00:03He chose to gamble everything and take on the political establishment.
00:08Welcome to WatchMojo.
00:10And today, we're counting down our picks for the top 10 decisions
00:14we found to be crucial to the acceleration of human history thus far.
00:18Jefferson's advisors convinced him, look, just do it.
00:24Number 10. Steve Jobs greenlighting the iPhone.
00:28Before smartphones launched in 2007, you would have to carry numerous devices
00:32just to achieve what can be done on one modern-day device.

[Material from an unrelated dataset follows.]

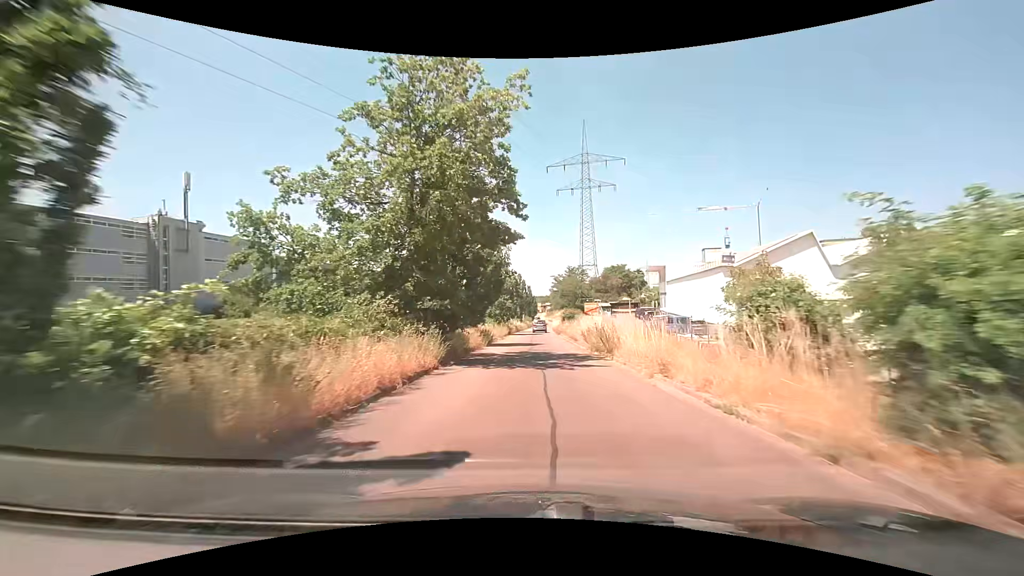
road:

00:36What we want to do is make a leapfrog product
00:40that is way smarter than any mobile device has ever been
00:44and super easy to use.
00:46This is what iPhone is.
00:48If you wanted to take a picture, listen to music, or get in contact with someone,
00:53you needed a separate device to do each task.
00:56Well, in the early 2000s, Steve Jobs, one of the founders of Apple,
01:01decided to greenlight the iPhone,
01:03turning Apple's famed iPod Touch into a cellular device.
01:07And to unlock the phone, I just take my finger and slide it across.
01:11All right, you want to see that again?
01:13Not only did this decision spark a whole new popularity
01:16of the app and phone market altogether,
01:18it also changed the way we do our everyday computing.
01:21If the future for humans involves integration with technologies,
01:25products like the iPhone are the first steps.
01:28We're very excited about this.
01:31Number 9.
01:32Franklin D. Roosevelt enacting the New Deal.
01:36From 1929 to 1939,
01:38the United States of America experienced what is known today as the Great Depression.
01:43And the consequences were profound, massive poverty everywhere,
01:49a strong sense of social dislocation,
01:51also a strong sense of capitalism didn't work.
01:53When the American stock market fell in October of 1929,
01:57it led to record unemployment, critical banking failures,
02:01and overall deflation of the U.S. dollar,
02:04an impact felt around the globe.
02:06After becoming president in 1933,
02:09Franklin D. Roosevelt launched the New Deal,
02:12establishing relief efforts such as
02:14the Federal Deposit Insurance Corporation
02:16and introducing the Emergency Banking Act.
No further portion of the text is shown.